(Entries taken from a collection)
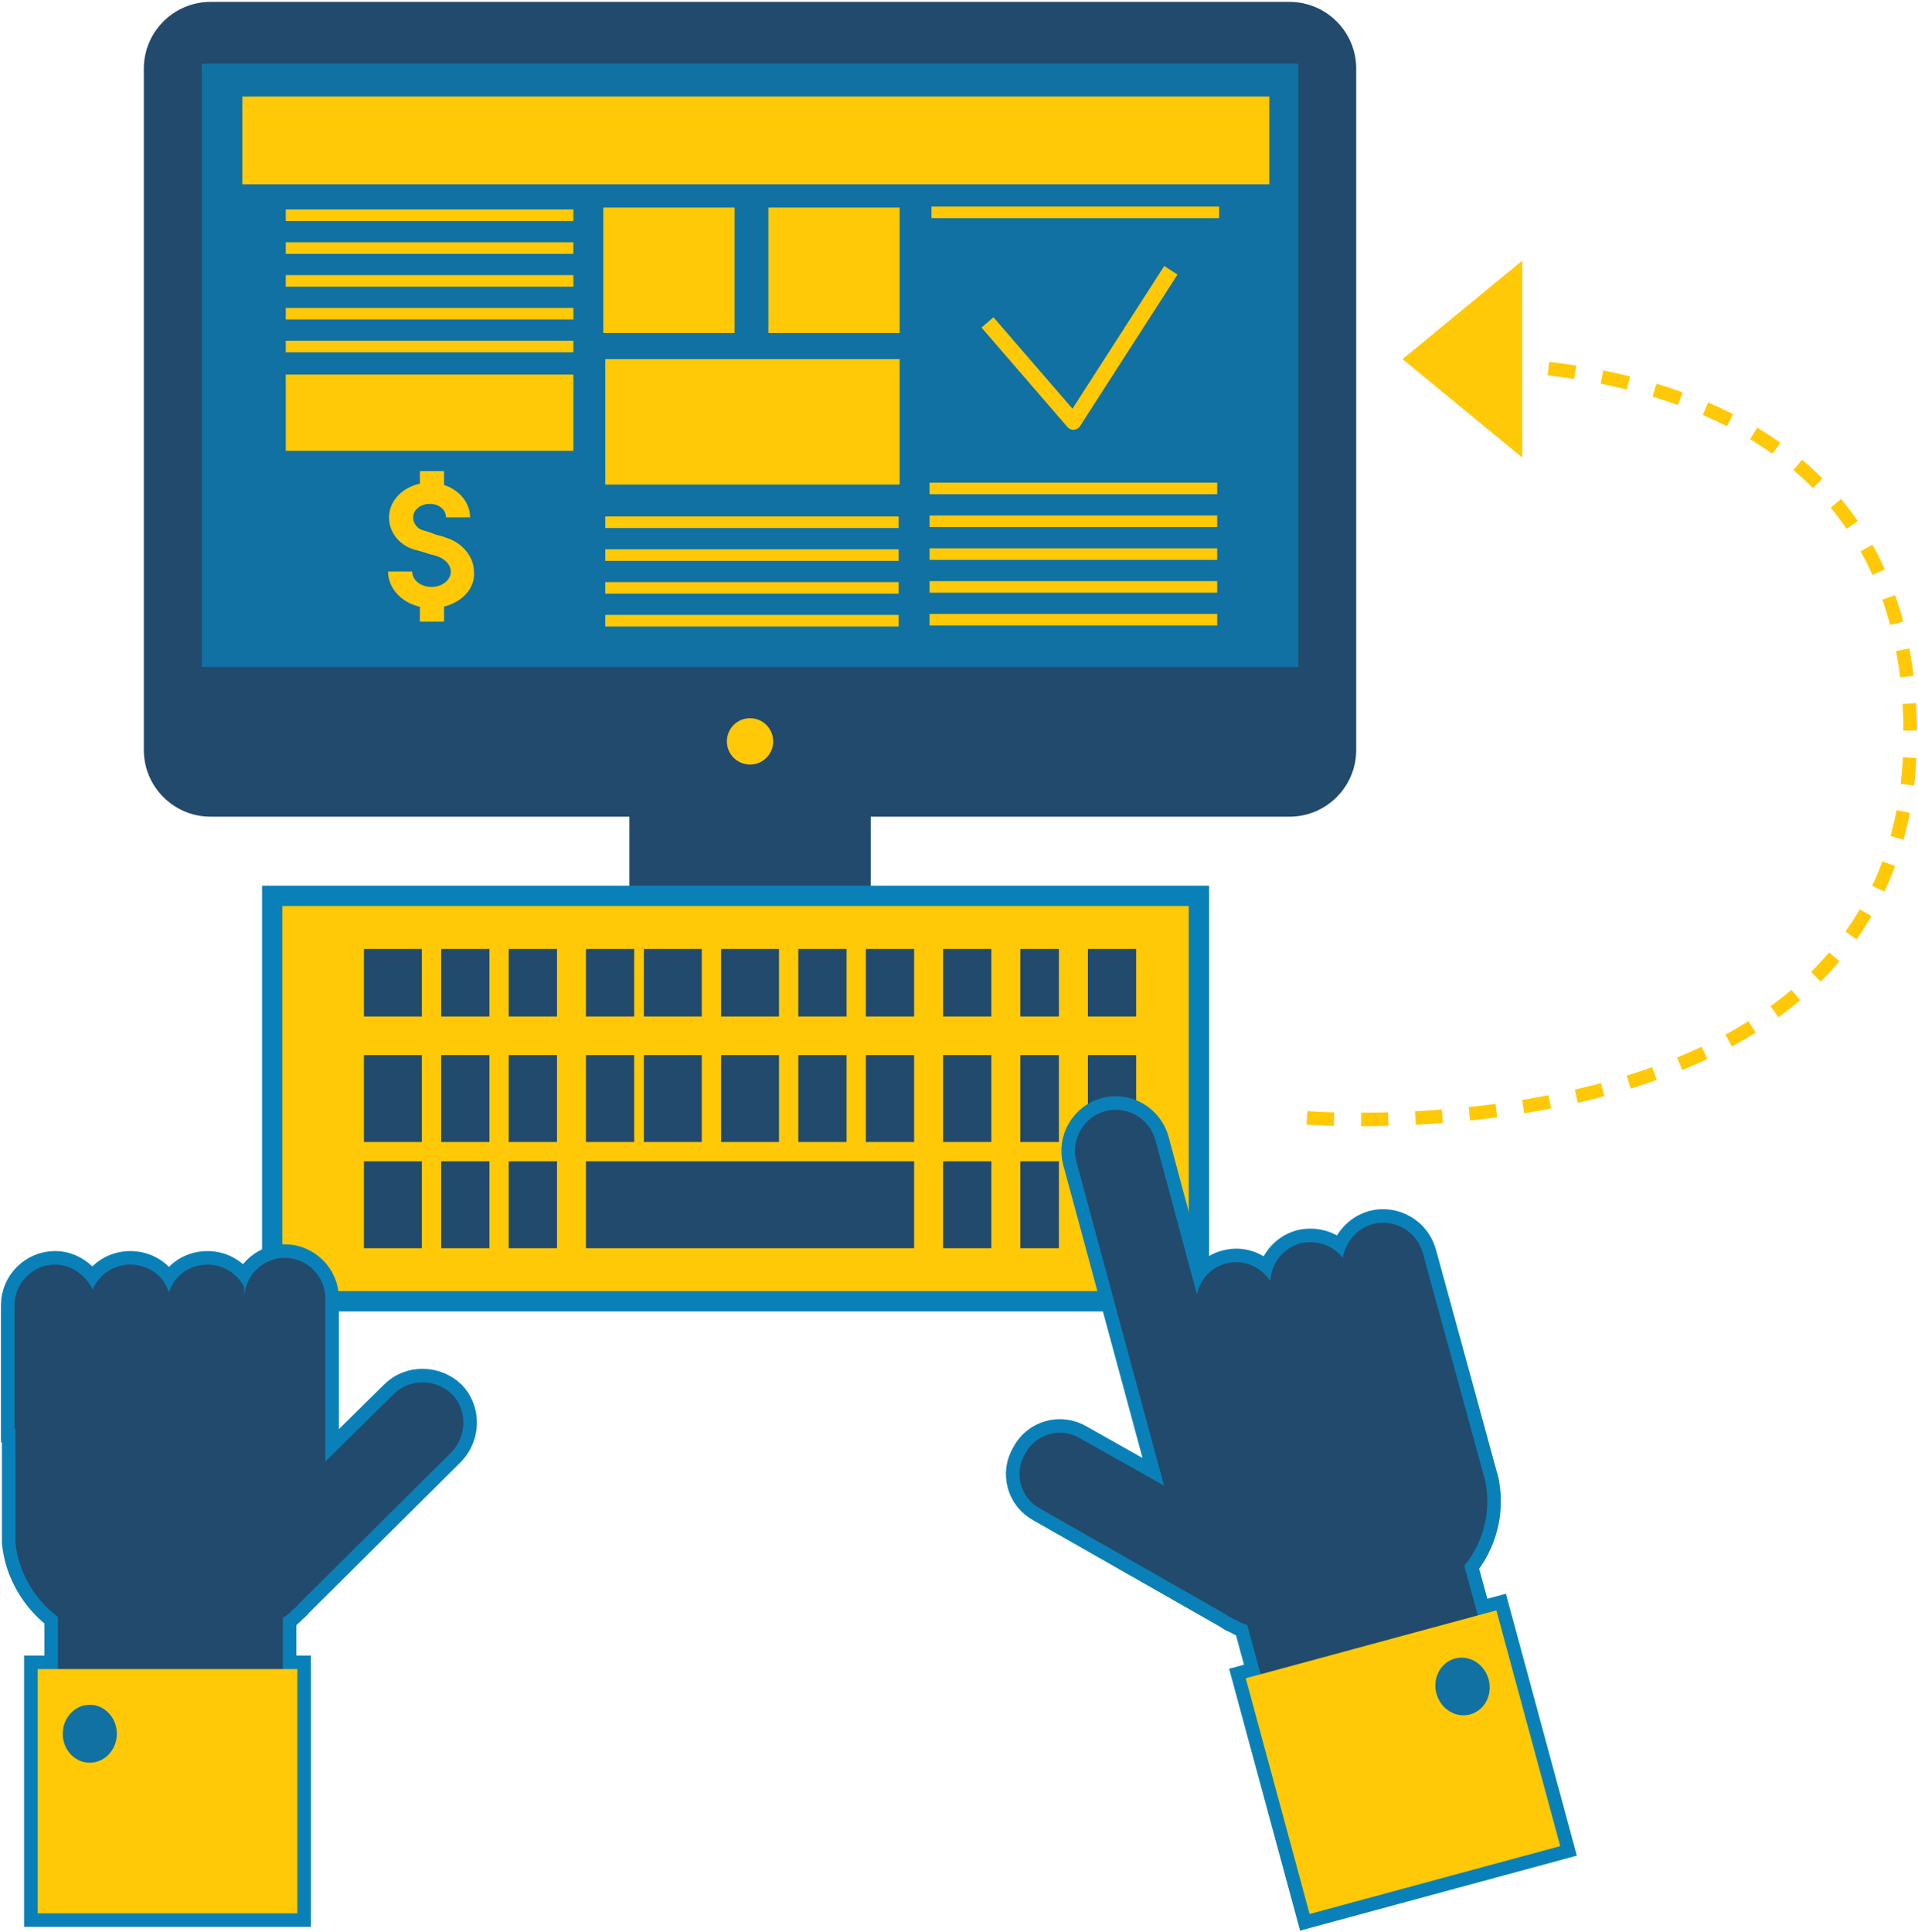 <?xml version="1.0" encoding="UTF-8"?>
<svg width="283px" height="285px" viewBox="0 0 283 285" version="1.1" xmlns="http://www.w3.org/2000/svg" xmlns:xlink="http://www.w3.org/1999/xlink">
    <!-- Generator: Sketch 42 (36781) - http://www.bohemiancoding.com/sketch -->
    <title>uslugi-3-2</title>
    <desc>Created with Sketch.</desc>
    <defs></defs>
    <g id="Page-1" stroke="none" stroke-width="1" fill="none" fill-rule="evenodd">
        <g id="Artboard-Copy-3" transform="translate(-815, -2568)">
            <g id="uslugi-3-2" transform="translate(816, 2567)">
                <g id="Layer_1">
                    <g id="Group">
                        <g>
                            <path d="M199.109,111.661 C199.109,117.073 194.694,121.488 189.282,121.488 L30.052,121.488 C24.639,121.488 20.224,117.073 20.224,111.661 L20.224,11.109 C20.224,5.697 24.639,1.282 30.052,1.282 L189.282,1.282 C194.694,1.282 199.109,5.697 199.109,11.109 L199.109,111.661 L199.109,111.661 Z" id="Shape" fill="#224A6D" fill-rule="nonzero"></path>
                            <rect id="Rectangle-path" fill="#1071A2" fill-rule="nonzero" x="28.77" y="10.397" width="161.794" height="89.015"></rect>
                            <ellipse id="Oval" fill="#FFC907" fill-rule="nonzero" cx="109.667" cy="110.379" rx="3.418" ry="3.418"></ellipse>
                            <rect id="Rectangle-path" fill="#224A6D" fill-rule="nonzero" x="91.864" y="119.636" width="35.606" height="24.924"></rect>
                            <rect id="Rectangle-path" fill="#FFC907" fill-rule="nonzero" x="34.752" y="15.239" width="151.539" height="12.961"></rect>
                            <g transform="translate(39.879, 31.333)" fill-rule="nonzero" id="Rectangle-path" fill="#FFC907">
                                <rect x="1.282" y="24.924" width="42.442" height="11.252"></rect>
                                <rect x="1.282" y="0.57" width="42.442" height="1.709"></rect>
                                <rect x="1.282" y="5.412" width="42.442" height="1.709"></rect>
                                <rect x="1.282" y="10.255" width="42.442" height="1.709"></rect>
                                <rect x="1.282" y="15.097" width="42.442" height="1.709"></rect>
                                <rect x="1.282" y="19.939" width="42.442" height="1.709"></rect>
                            </g>
                            <g transform="translate(135.303, 31.333)" fill-rule="nonzero" id="Rectangle-path" fill="#FFC907">
                                <rect x="0.855" y="40.876" width="42.442" height="1.709"></rect>
                                <rect x="0.855" y="45.718" width="42.442" height="1.709"></rect>
                                <rect x="0.855" y="50.561" width="42.442" height="1.709"></rect>
                                <rect x="0.855" y="55.403" width="42.442" height="1.709"></rect>
                                <rect x="0.855" y="60.245" width="42.442" height="1.709"></rect>
                                <rect x="1.139" y="0.142" width="42.442" height="1.709"></rect>
                            </g>
                            <rect id="Rectangle-path" fill="#FFC907" fill-rule="nonzero" x="41.161" y="20.652" width="42.442" height="1.709"></rect>
                            <g transform="translate(86.879, 31.333)" fill-rule="nonzero" id="Rectangle-path" fill="#FFC907">
                                <rect x="1.424" y="60.388" width="43.297" height="1.709"></rect>
                                <rect x="1.424" y="55.545" width="43.297" height="1.709"></rect>
                                <rect x="1.424" y="50.703" width="43.297" height="1.709"></rect>
                                <rect x="1.424" y="45.861" width="43.297" height="1.709"></rect>
                                <rect x="25.494" y="0.285" width="19.37" height="18.515"></rect>
                                <rect x="1.139" y="0.285" width="19.37" height="18.515"></rect>
                                <rect x="1.424" y="22.645" width="43.439" height="18.515"></rect>
                            </g>
                            <g transform="translate(55.545, 69.788)" fill-rule="nonzero" fill="#FFC907">
                                <path d="M7.121,20.936 C3.561,20.936 0.712,18.515 0.712,15.524 L4.273,15.524 C4.273,16.806 5.555,17.803 7.121,17.803 C8.688,17.803 9.97,16.806 9.97,15.524 C9.97,14.67 9.258,13.815 8.261,13.388 C7.976,13.245 7.406,13.103 6.836,12.961 C5.982,12.676 4.985,12.391 4.415,12.248 C2.279,11.536 0.855,9.685 0.855,7.548 C0.855,4.7 3.561,2.421 6.836,2.421 C10.112,2.421 12.818,4.7 12.818,7.548 L9.258,7.548 C9.258,6.409 8.261,5.555 6.836,5.555 C5.555,5.555 4.415,6.409 4.415,7.548 C4.415,8.403 4.985,9.115 5.697,9.4 C6.267,9.542 7.121,9.827 7.833,10.112 C8.403,10.255 8.973,10.397 9.258,10.539 C11.679,11.252 13.388,13.388 13.388,15.524 C13.673,18.515 10.682,20.936 7.121,20.936 Z" id="Shape"></path>
                                <rect id="Rectangle-path" x="5.412" y="0.712" width="3.561" height="3.845"></rect>
                                <rect id="Rectangle-path" x="5.412" y="19.085" width="3.561" height="3.845"></rect>
                            </g>
                            <g transform="translate(38.455, 132.455)" fill-rule="nonzero" id="Rectangle-path">
                                <rect stroke="#0981B8" stroke-width="3" fill="#FFC907" x="0.712" y="0.712" width="136.727" height="59.818"></rect>
                                <g transform="translate(14.242, 8.545)" fill="#224A6D">
                                    <rect x="0" y="0" width="8.545" height="9.97"></rect>
                                    <rect x="11.394" y="0" width="7.121" height="9.97"></rect>
                                    <rect x="21.364" y="0" width="7.121" height="9.97"></rect>
                                    <rect x="32.758" y="0" width="7.121" height="9.97"></rect>
                                    <rect x="41.303" y="0" width="8.545" height="9.97"></rect>
                                    <rect x="52.697" y="0" width="8.545" height="9.97"></rect>
                                    <rect x="64.091" y="0" width="7.121" height="9.97"></rect>
                                    <rect x="74.061" y="0" width="7.121" height="9.97"></rect>
                                    <rect x="85.455" y="0" width="7.121" height="9.97"></rect>
                                    <rect x="96.848" y="0" width="5.697" height="9.97"></rect>
                                    <rect x="106.818" y="0" width="7.121" height="9.97"></rect>
                                </g>
                                <g transform="translate(14.242, 24.212)" fill="#224A6D">
                                    <rect x="0" y="0" width="8.545" height="12.818"></rect>
                                    <rect x="11.394" y="0" width="7.121" height="12.818"></rect>
                                    <rect x="21.364" y="0" width="7.121" height="12.818"></rect>
                                    <rect x="32.758" y="0" width="7.121" height="12.818"></rect>
                                    <rect x="41.303" y="0" width="8.545" height="12.818"></rect>
                                    <rect x="52.697" y="0" width="8.545" height="12.818"></rect>
                                    <rect x="64.091" y="0" width="7.121" height="12.818"></rect>
                                    <rect x="74.061" y="0" width="7.121" height="12.818"></rect>
                                    <rect x="85.455" y="0" width="7.121" height="12.818"></rect>
                                    <rect x="96.848" y="0" width="5.697" height="12.818"></rect>
                                    <rect x="106.818" y="0" width="7.121" height="12.818"></rect>
                                </g>
                                <rect fill="#224A6D" x="47" y="39.879" width="48.424" height="12.818"></rect>
                                <rect fill="#224A6D" x="14.242" y="39.879" width="8.545" height="12.818"></rect>
                                <rect fill="#224A6D" x="25.636" y="39.879" width="7.121" height="12.818"></rect>
                                <rect fill="#224A6D" x="35.606" y="39.879" width="7.121" height="12.818"></rect>
                                <rect fill="#224A6D" x="99.697" y="39.879" width="7.121" height="12.818"></rect>
                                <rect fill="#224A6D" x="111.091" y="39.879" width="5.697" height="12.818"></rect>
                                <rect fill="#224A6D" x="121.061" y="39.879" width="7.121" height="12.818"></rect>
                            </g>
                            <g transform="translate(148.121, 163.788)" stroke="#0981B8" fill-rule="nonzero" fill="#0981B8">
                                <path d="M65.658,39.736 L60.815,22.076 C59.961,18.942 56.685,16.948 53.409,17.803 C50.988,18.515 49.421,20.509 48.994,22.788 C47.57,20.936 45.148,20.082 42.727,20.652 C40.164,21.364 38.455,23.642 38.312,26.206 C36.888,24.07 34.324,22.93 31.761,23.642 C29.482,24.212 27.915,26.064 27.488,28.2 L21.364,5.412 C20.509,2.279 17.233,0.285 13.958,1.139 C10.824,1.994 8.83,5.27 9.685,8.545 L21.364,51.7 L22.645,56.4 L10.255,49.421 C7.406,47.712 3.703,48.709 2.136,51.7 C0.427,54.548 1.424,58.252 4.415,59.818 L31.903,75.485 C32.33,75.77 32.758,76.055 33.185,76.197 L33.47,76.339 C33.897,76.624 34.324,76.767 34.752,76.909 L34.894,76.909 L41.73,101.976 L73.776,93.288 L66.939,68.221 C69.645,64.945 70.927,60.388 70.073,55.973 C70.073,55.688 69.93,55.545 69.93,55.261 L69.788,54.833 L69.788,54.833 L65.658,39.736 L65.658,39.736 Z" id="Shape" stroke-width="4"></path>
                                <rect id="Rectangle-path" stroke-width="4" transform="translate(57.889, 97.197) rotate(-15.159) translate(-57.889, -97.197) " x="38.733" y="79.181" width="38.312" height="36.033"></rect>
                                <ellipse id="Oval" stroke-width="4" transform="translate(66.675, 86.028) rotate(-15.147) translate(-66.675, -86.028) " cx="66.675" cy="86.028" rx="3.988" ry="4.273"></ellipse>
                            </g>
                            <g transform="translate(0, 186.576)" stroke="#0981B8" stroke-width="4" fill-rule="nonzero" fill="#0981B8">
                                <path d="M1.139,25.209 L1.139,6.979 C1.139,3.703 3.845,0.997 7.121,0.997 C9.542,0.997 11.679,2.564 12.676,4.7 C13.53,2.564 15.667,0.997 18.23,0.997 C20.936,0.997 23.215,2.706 23.927,5.127 C24.639,2.706 26.918,0.997 29.624,0.997 C32.045,0.997 34.039,2.421 35.036,4.273 L35.036,5.982 C35.036,2.706 37.742,0 41.018,0 C44.294,0 47,2.706 47,5.982 L47,25.209 L47,30.052 L57.112,20.082 C59.391,17.803 63.236,17.803 65.658,20.082 C67.936,22.361 67.936,26.206 65.658,28.627 L43.155,50.988 C42.87,51.415 42.442,51.7 42.158,51.985 L42.015,52.127 C41.73,52.412 41.303,52.839 40.876,52.982 C40.876,52.982 40.733,52.982 40.733,53.124 L40.733,79.045 L7.548,79.045 L7.548,52.982 C4.13,50.418 1.709,46.43 1.282,42.015 L1.282,41.303 L1.282,40.876 L1.282,40.876 L1.282,25.209 L1.139,25.209 Z" id="Shape"></path>
                                <rect id="Rectangle-path" x="4.558" y="60.673" width="38.312" height="36.033"></rect>
                                <ellipse id="Oval" cx="12.248" cy="70.215" rx="3.988" ry="4.273"></ellipse>
                            </g>
                            <g transform="translate(148.121, 163.788)" fill-rule="nonzero">
                                <path d="M65.658,39.736 L60.815,22.076 C59.961,18.942 56.685,16.948 53.409,17.803 C50.988,18.515 49.421,20.509 48.994,22.788 C47.57,20.936 45.148,20.082 42.727,20.652 C40.164,21.364 38.455,23.642 38.312,26.206 C36.888,24.07 34.324,22.93 31.761,23.642 C29.482,24.212 27.915,26.064 27.488,28.2 L21.364,5.412 C20.509,2.279 17.233,0.285 13.958,1.139 C10.824,1.994 8.83,5.27 9.685,8.545 L21.364,51.7 L22.645,56.4 L10.255,49.421 C7.406,47.712 3.703,48.709 2.136,51.7 C0.427,54.548 1.424,58.252 4.415,59.818 L31.903,75.485 C32.33,75.77 32.758,76.055 33.185,76.197 L33.47,76.339 C33.897,76.624 34.324,76.767 34.752,76.909 L34.894,76.909 L41.73,101.976 L73.776,93.288 L66.939,68.221 C69.645,64.945 70.927,60.388 70.073,55.973 C70.073,55.688 69.93,55.545 69.93,55.261 L69.788,54.833 L69.788,54.833 L65.658,39.736 L65.658,39.736 Z" id="Shape" fill="#224A6D"></path>
                                <rect id="Rectangle-path" fill="#FFC907" transform="translate(57.889, 97.197) rotate(-15.159) translate(-57.889, -97.197) " x="38.733" y="79.181" width="38.312" height="36.033"></rect>
                                <ellipse id="Oval" fill="#1071A2" transform="translate(66.675, 86.028) rotate(-15.147) translate(-66.675, -86.028) " cx="66.675" cy="86.028" rx="3.988" ry="4.273"></ellipse>
                            </g>
                            <g transform="translate(0, 186.576)" fill-rule="nonzero">
                                <path d="M1.139,25.209 L1.139,6.979 C1.139,3.703 3.845,0.997 7.121,0.997 C9.542,0.997 11.679,2.564 12.676,4.7 C13.53,2.564 15.667,0.997 18.23,0.997 C20.936,0.997 23.215,2.706 23.927,5.127 C24.639,2.706 26.918,0.997 29.624,0.997 C32.045,0.997 34.039,2.421 35.036,4.273 L35.036,5.982 C35.036,2.706 37.742,0 41.018,0 C44.294,0 47,2.706 47,5.982 L47,25.209 L47,30.052 L57.112,20.082 C59.391,17.803 63.236,17.803 65.658,20.082 C67.936,22.361 67.936,26.206 65.658,28.627 L43.155,50.988 C42.87,51.415 42.442,51.7 42.158,51.985 L42.015,52.127 C41.73,52.412 41.303,52.839 40.876,52.982 C40.876,52.982 40.733,52.982 40.733,53.124 L40.733,79.045 L7.548,79.045 L7.548,52.982 C4.13,50.418 1.709,46.43 1.282,42.015 L1.282,41.303 L1.282,40.876 L1.282,40.876 L1.282,25.209 L1.139,25.209 Z" id="Shape" fill="#224A6D"></path>
                                <rect id="Rectangle-path" fill="#FFC907" x="4.558" y="60.673" width="38.312" height="36.033"></rect>
                                <ellipse id="Oval" fill="#1071A2" cx="12.248" cy="70.215" rx="3.988" ry="4.273"></ellipse>
                            </g>
                            <polyline id="Shape" stroke="#FFC907" stroke-width="2.331" stroke-linejoin="round" points="144.703 48.567 157.379 63.236 171.764 40.876"></polyline>
                        </g>
                        <path d="M191.845,165.924 C191.845,165.924 280.861,173.045 280.861,109.382 C280.861,47.285 207.512,54.976 207.512,54.976" id="Shape" stroke="#FFC907" stroke-width="2" stroke-dasharray="4"></path>
                        <polygon id="Shape" fill="#FFC907" fill-rule="nonzero" points="223.606 68.506 205.945 53.979 223.606 39.452"></polygon>
                    </g>
                </g>
            </g>
        </g>
    </g>
</svg>

== Exercise prompt ==
If a line of the records holds the word "uslugi", count it; report only the total.

== Output of the exercise ==
2